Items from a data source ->
· · ·
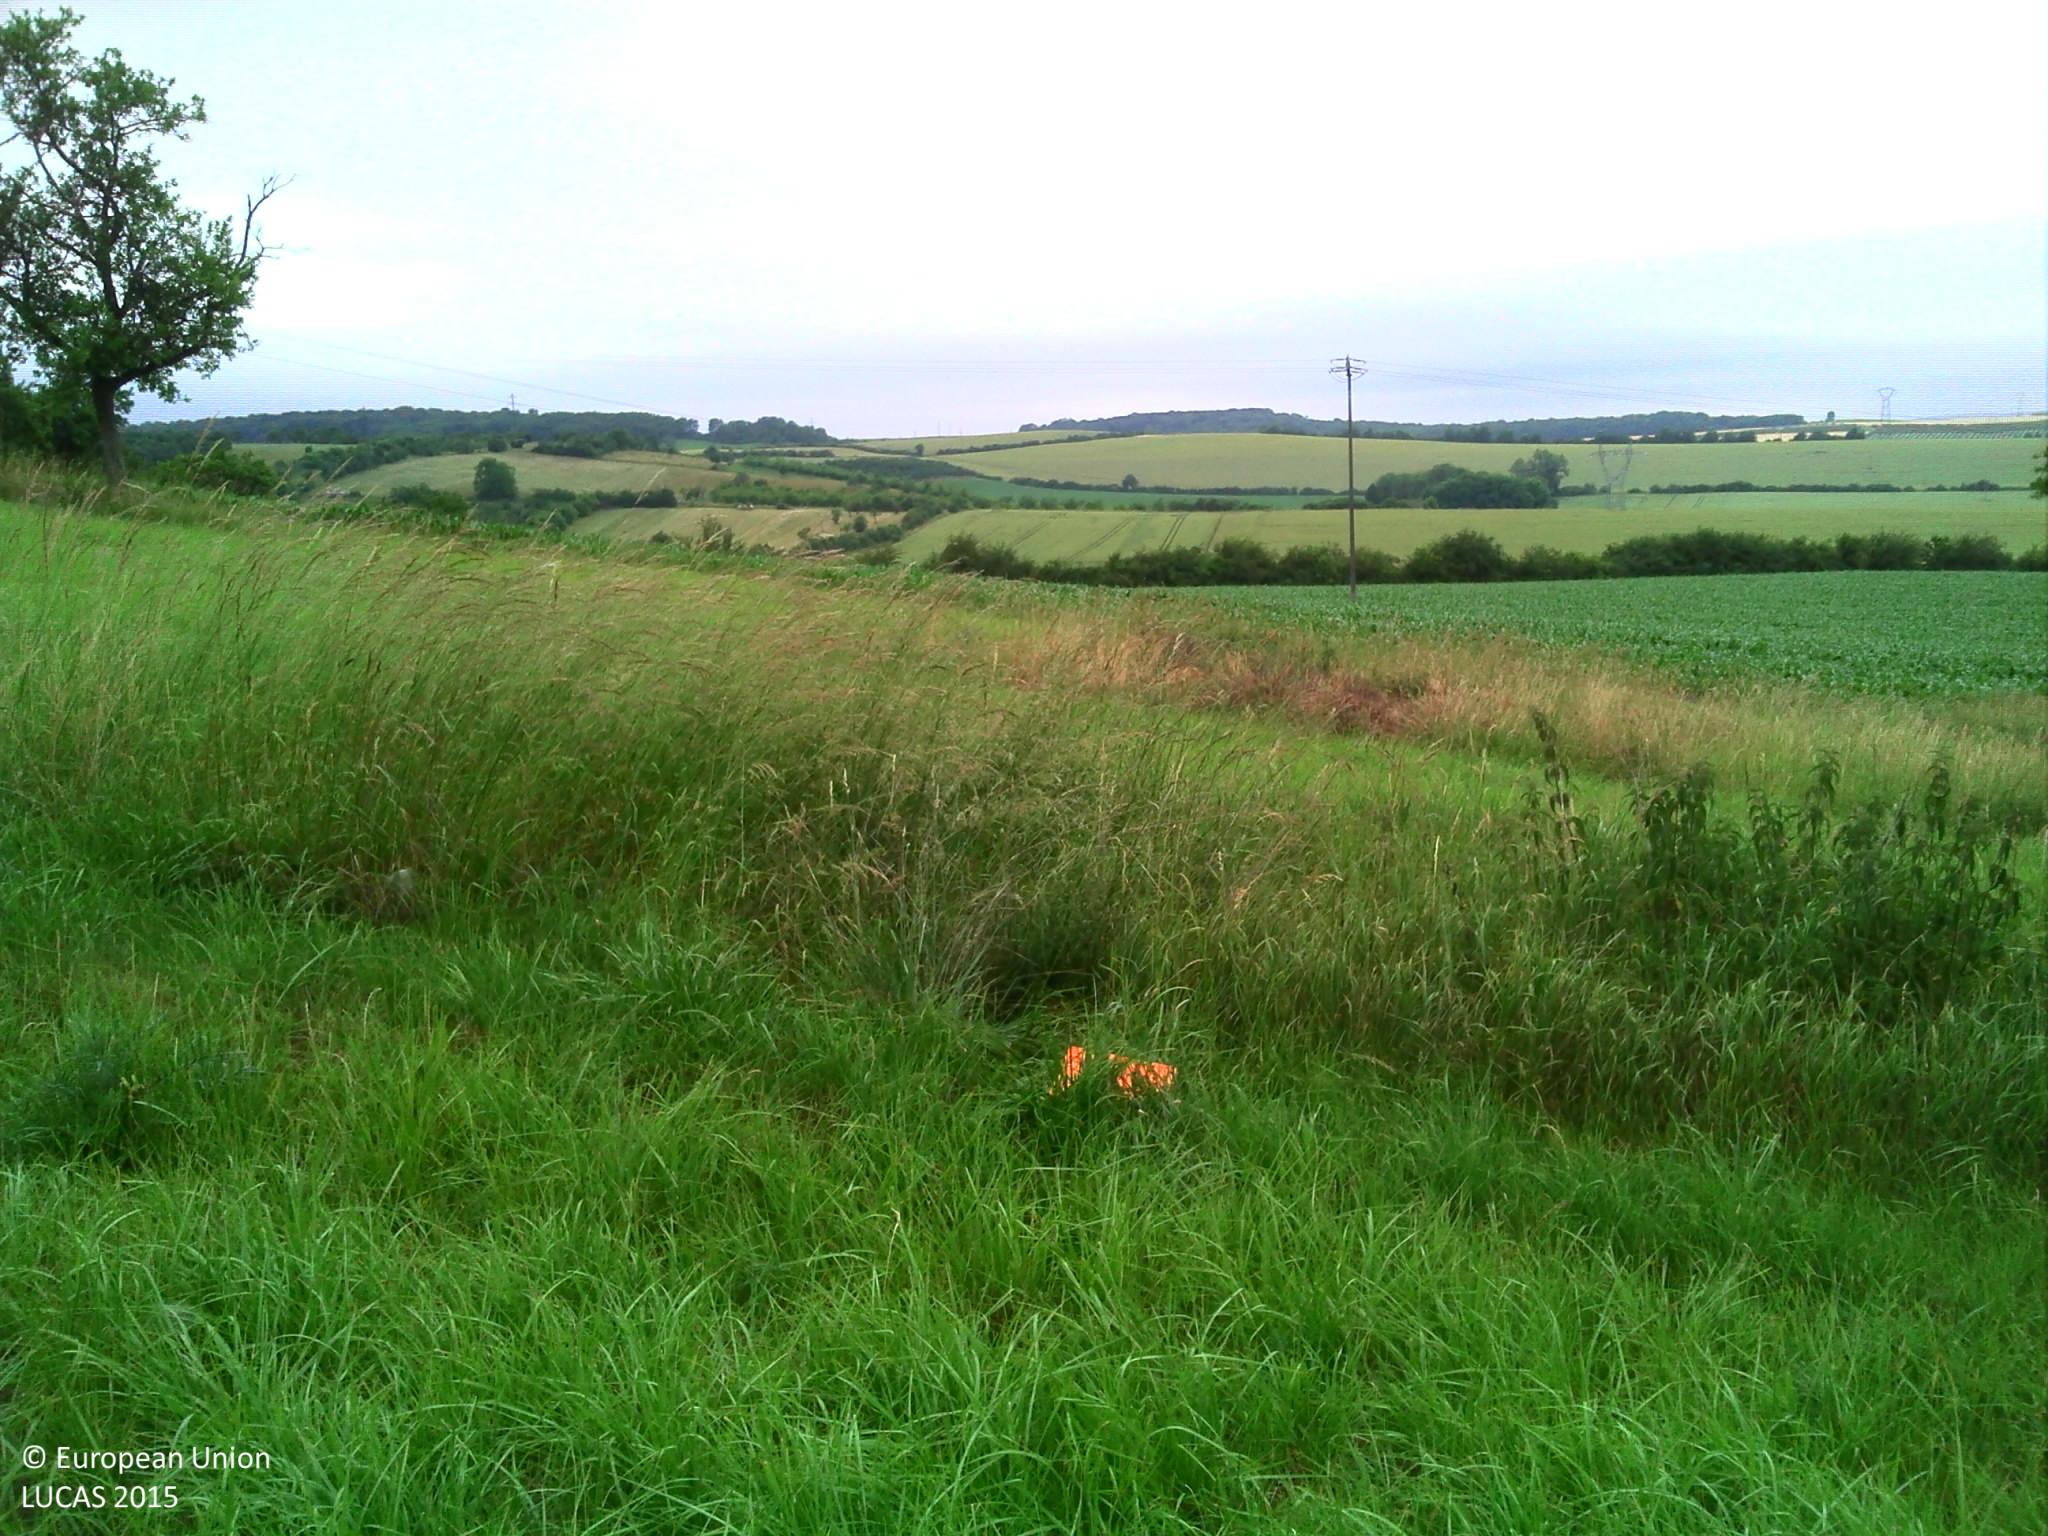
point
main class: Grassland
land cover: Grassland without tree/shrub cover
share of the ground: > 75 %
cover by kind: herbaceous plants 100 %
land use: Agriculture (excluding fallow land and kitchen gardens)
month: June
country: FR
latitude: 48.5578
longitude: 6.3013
· · ·
Work required ->
Could you repeat every record exactly as written, with the pictures left out?

Finished task ->
point
main class: Grassland
land cover: Grassland without tree/shrub cover
share of the ground: > 75 %
cover by kind: herbaceous plants 100 %
land use: Agriculture (excluding fallow land and kitchen gardens)
month: June
country: FR
latitude: 48.5578
longitude: 6.3013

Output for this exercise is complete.